Ancienne salariée de la filière sucrière (je ne dirai pas où). Le tapis convoyeur cassé, tout le monde en parlait en interne. Que Tereos publie un communiqué sans en dire un mot, c'est révélateur. La stratégie de communication a pris le pas sur la transparence industrielle.
Commerçante dans le centre-ville depuis 22 ans. Le commerce de détail touché de plein fouet, c'est nous, c'est mes voisines de rue, ce sont les boutiques qui baissent le rideau chaque mois. On paie l'octroi de mer, on paie le coefficient géographique, et quand on ferme, on nous parle de "conjoncture". Bravo pour cet édito.
Mécanicien indépendant, secteur Saint-André. Les planteurs sont mes clients principaux pendant la coupe. Quand ils ne peuvent pas livrer, ils ne me paient pas les entretiens en attente. La chaîne des impayés commence à Bois-Rouge et remonte jusqu'à l'atelier du coin. Bravo pour l'édito.
Salon de coiffure au Tampon, ouvert en 2019. J'ai eu le Covid, puis les gilets jaunes, puis l'inflation, maintenant les défaillances qui font peur. Merci d'écrire les choses. On se sent moins seule quand on lit ce genre d'édito.
Transporteur agricole, je fais la ronde Bois-Rouge depuis quinze ans. Cette année c'est du jamais-vu. On tourne à vide, on brûle du gasoil, on paie les chauffeurs, et Tereos nous répond qu'ils "gèrent au mieux". Pour ma part la trésorerie ne suivra pas jusqu'à la fin de campagne.
Fondateur d'une start-up tech basée à Saint-Pierre. Je ne suis pas dans le sucre mais l'analyse est transposable : à La Réunion tu es toujours en train d'absorber les défaillances d'un autre — d'un client, d'un fournisseur, d'un opérateur public. C'est notre normalité, et c'est un problème.
Assistante maternelle, mon mari est planteur à Sainte-Suzanne. Cette semaine on a repoussé notre projet de refaire la toiture. Quand la campagne est mauvaise à cause de l'usine, ce sont nos décisions de vie de famille qui basculent.
Experte-comptable à Saint-Pierre, je vois passer les dépôts de bilan tous les mois. Le chiffre d'Allianz Trade ne me surprend malheureusement pas : les petits commerces et les artisans qu'on accompagne coulent en silence, sans faire la une. Merci d'en parler, c'est une réalité économique majeure du territoire.
25 ans, commercial. Je bosse dans une PME qui livre les usines agroalimentaires. Quand Tereos ferme les portes, ce n'est pas que le planteur qui trinque : c'est aussi les fournisseurs, les livreurs, les techniciens indépendants qu'on paye à la mission. Effet domino.
Jeune agriculteur, j'ai repris l'exploitation de mon père l'an dernier. Quand je lis ce genre d'édito je me demande sincèrement combien de temps je vais tenir. La FDSEA a raison de demander une contre-expertise indépendante — c'est le minimum du minimum quand un industriel en position de monopole se met à accuser ses fournisseurs.
Restauratrice à Sainte-Marie. Je vois défiler des clients-agriculteurs qui déjeunent en attendant que Bois-Rouge rouvre. Ils sont épuisés, ils ne rient plus. Ce n'est pas juste une histoire de canne, c'est toute une chaîne qui vit dans l'incertitude.

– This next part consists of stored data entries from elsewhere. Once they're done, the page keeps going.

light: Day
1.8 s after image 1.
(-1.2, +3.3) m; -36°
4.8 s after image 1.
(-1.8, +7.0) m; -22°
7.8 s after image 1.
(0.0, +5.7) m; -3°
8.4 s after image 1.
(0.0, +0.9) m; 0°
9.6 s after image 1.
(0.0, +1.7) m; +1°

Habitante de Saint-Denis, j'ai suivi ce dossier du Papang depuis le début. Annoncé rouvert un vendredi matin, toujours à l'arrêt le soir : à un moment il faut arrêter de nous prendre pour des idiots. On a payé cet équipement avec nos impôts, on est en droit d'exiger qu'il fonctionne.
Ancien planteur, 40 ans dans la canne. La bataille industriel/planteur a toujours existé mais on n'avait jamais vu un communiqué aussi méprisant. "Camelote" nos cannes ? On ne parle pas comme ça de ceux qui te fournissent ta matière première. C'est un mépris de classe assumé.

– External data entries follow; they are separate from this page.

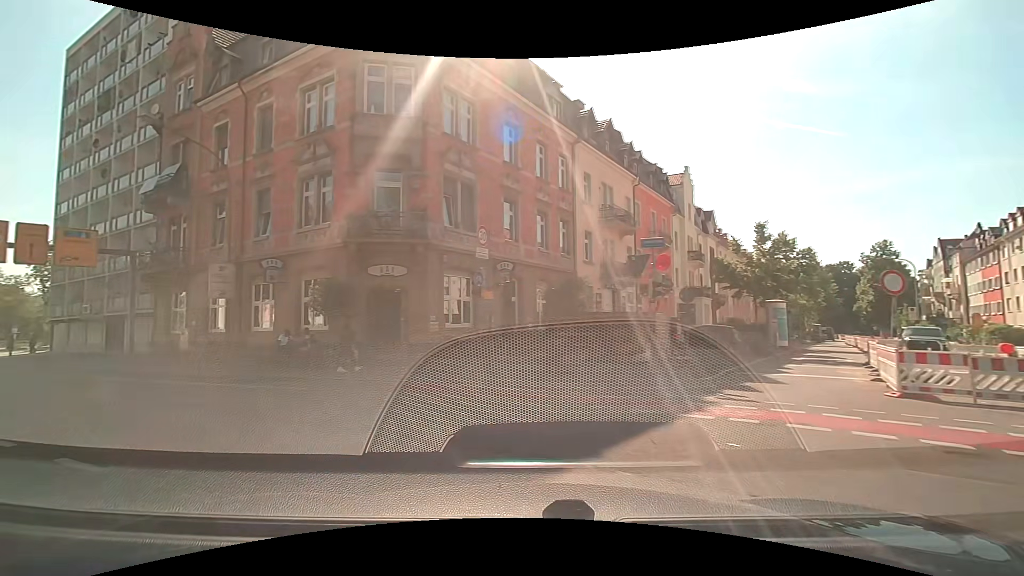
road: residential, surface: asphalt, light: Day
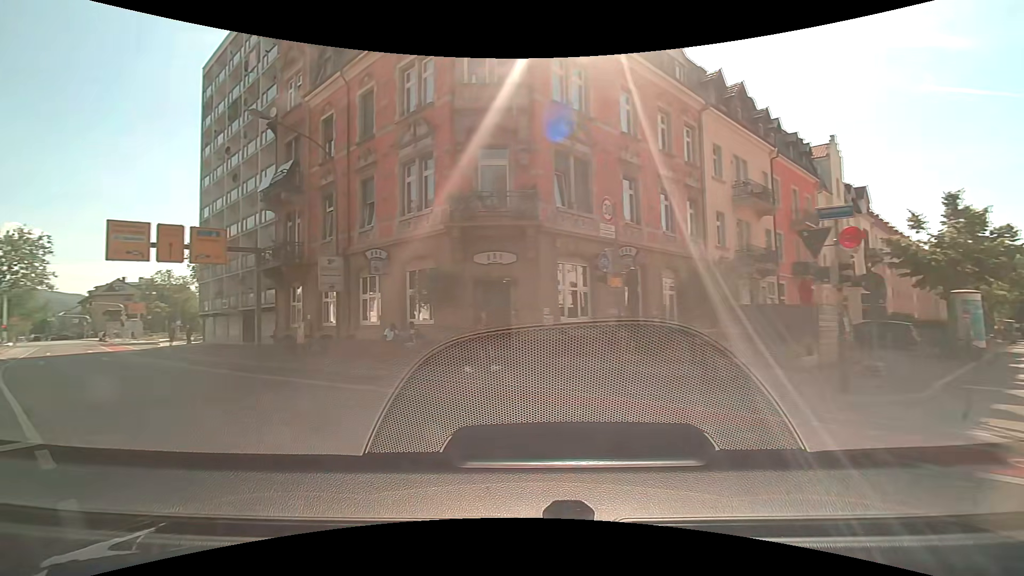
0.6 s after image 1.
(-0.3, +2.5) m; -14°
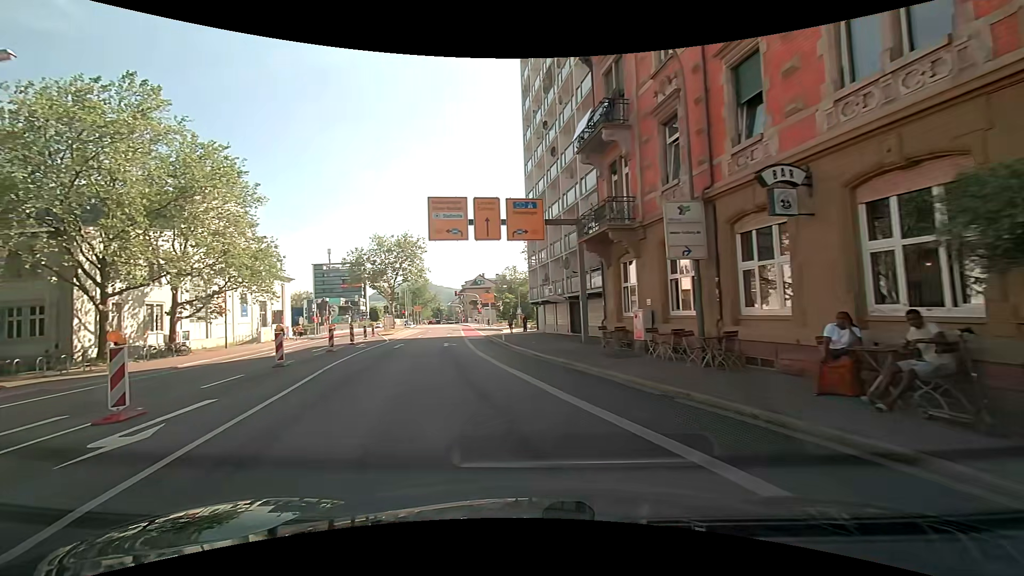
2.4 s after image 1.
(-2.8, +8.4) m; -34°
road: secondary
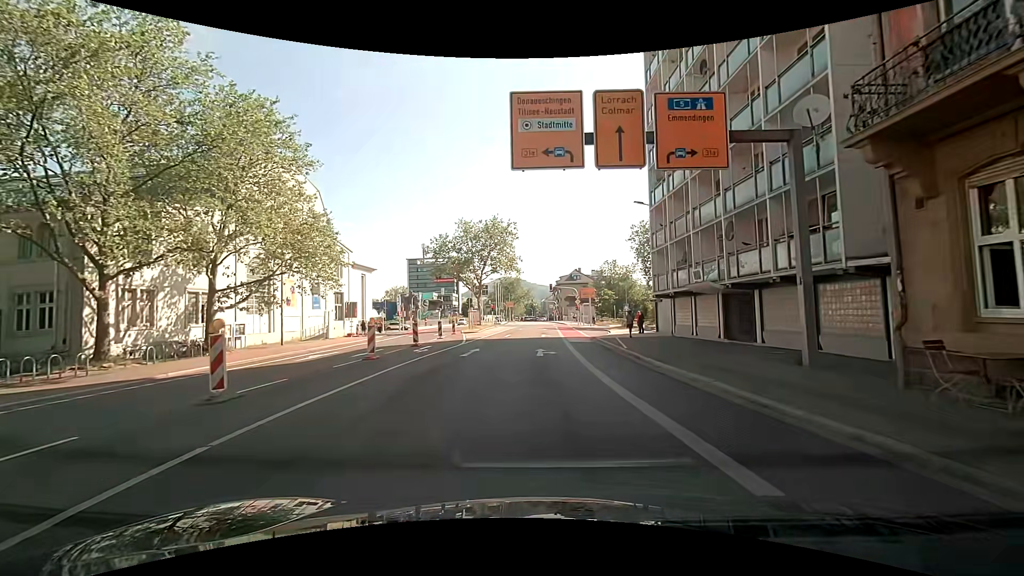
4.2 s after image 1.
(-1.5, +10.3) m; -13°
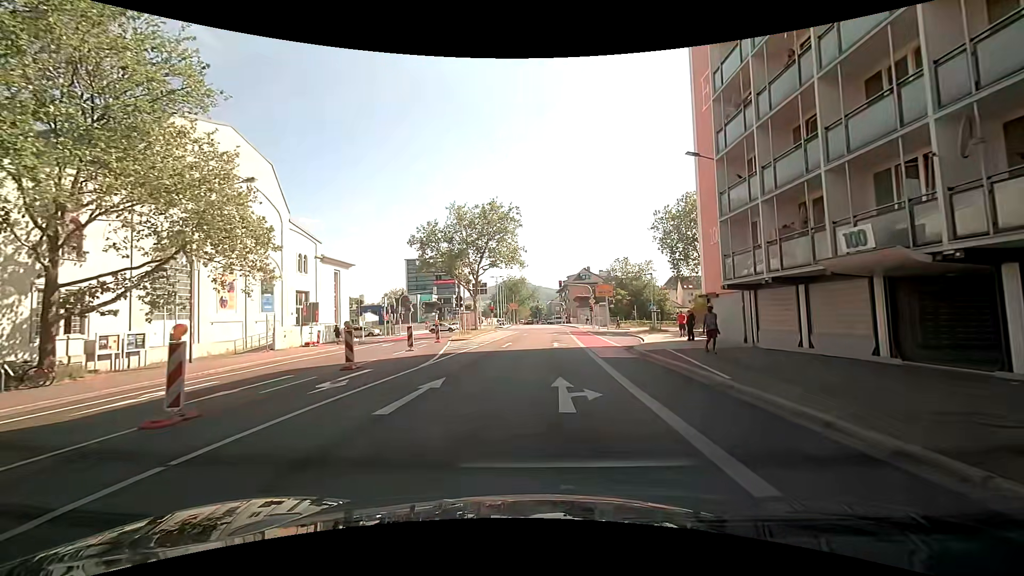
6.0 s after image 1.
(+0.4, +10.8) m; +1°
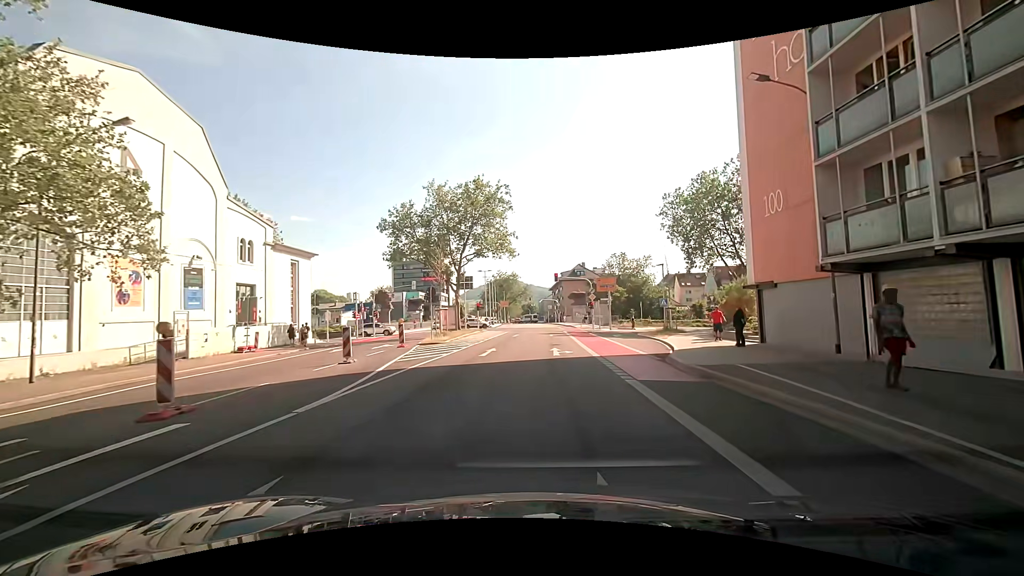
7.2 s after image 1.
(+0.1, +7.9) m; +2°
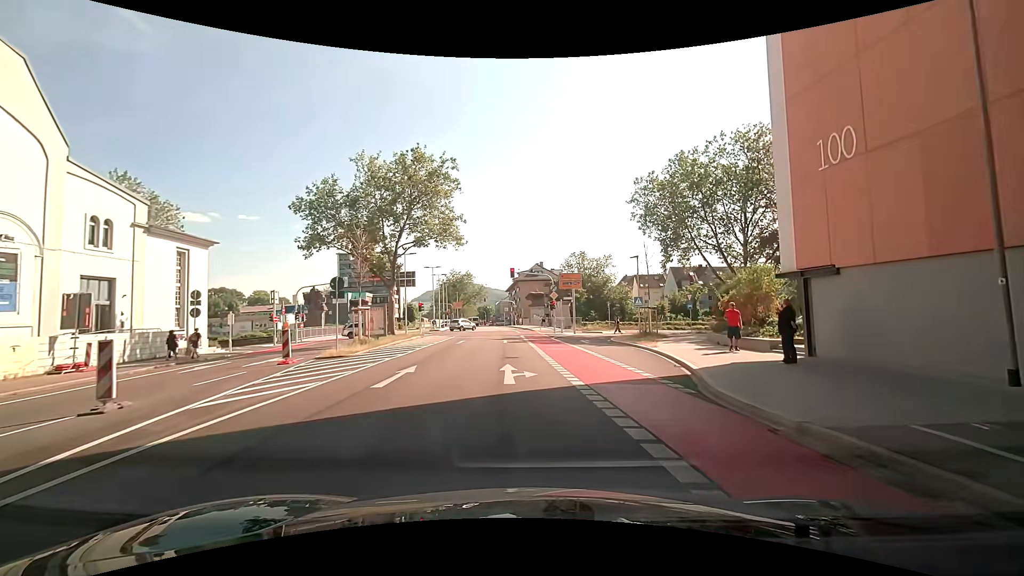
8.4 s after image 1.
(+0.2, +8.0) m; +5°
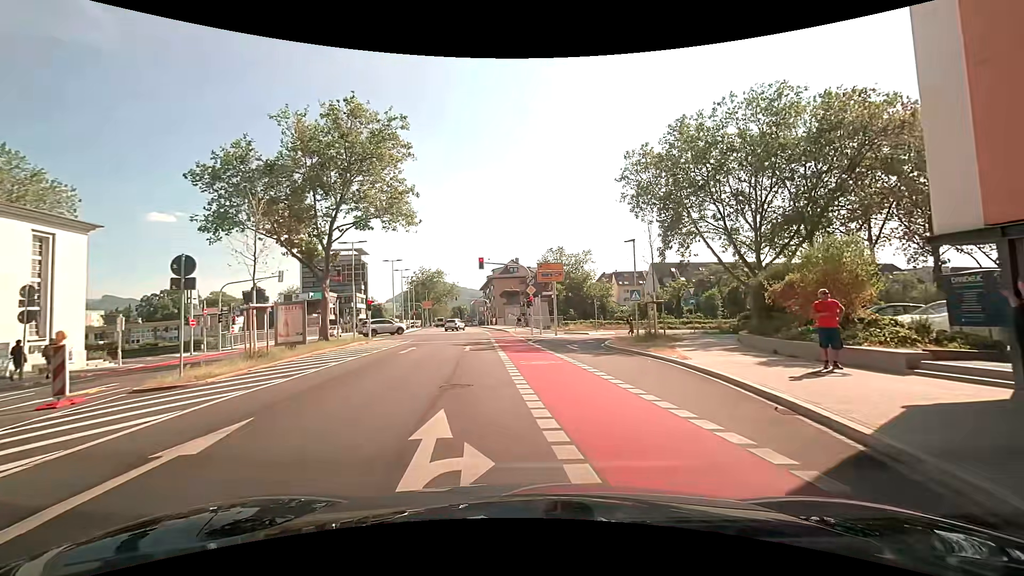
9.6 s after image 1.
(+0.1, +7.8) m; +2°

Planteur dans le bassin de Bois-Rouge, je confirme mot pour mot ce que dit l'édito. Cannes coupées, camion prêt, équipe payée à l'heure et on nous dit "pas de réception aujourd'hui". Et après, Tereos vient nous expliquer que c'est notre canne qui est mauvaise. Le culot est immense.
Enseignante à Saint-Denis, j'utilise le Papang pour aller au boulot quand il fonctionne. Autant dire jamais depuis des mois. Le pire c'est le silence. Aucun communiqué clair, aucune date. On avait salué le projet, on a envie de croire au transport doux, et on nous laisse sur le quai.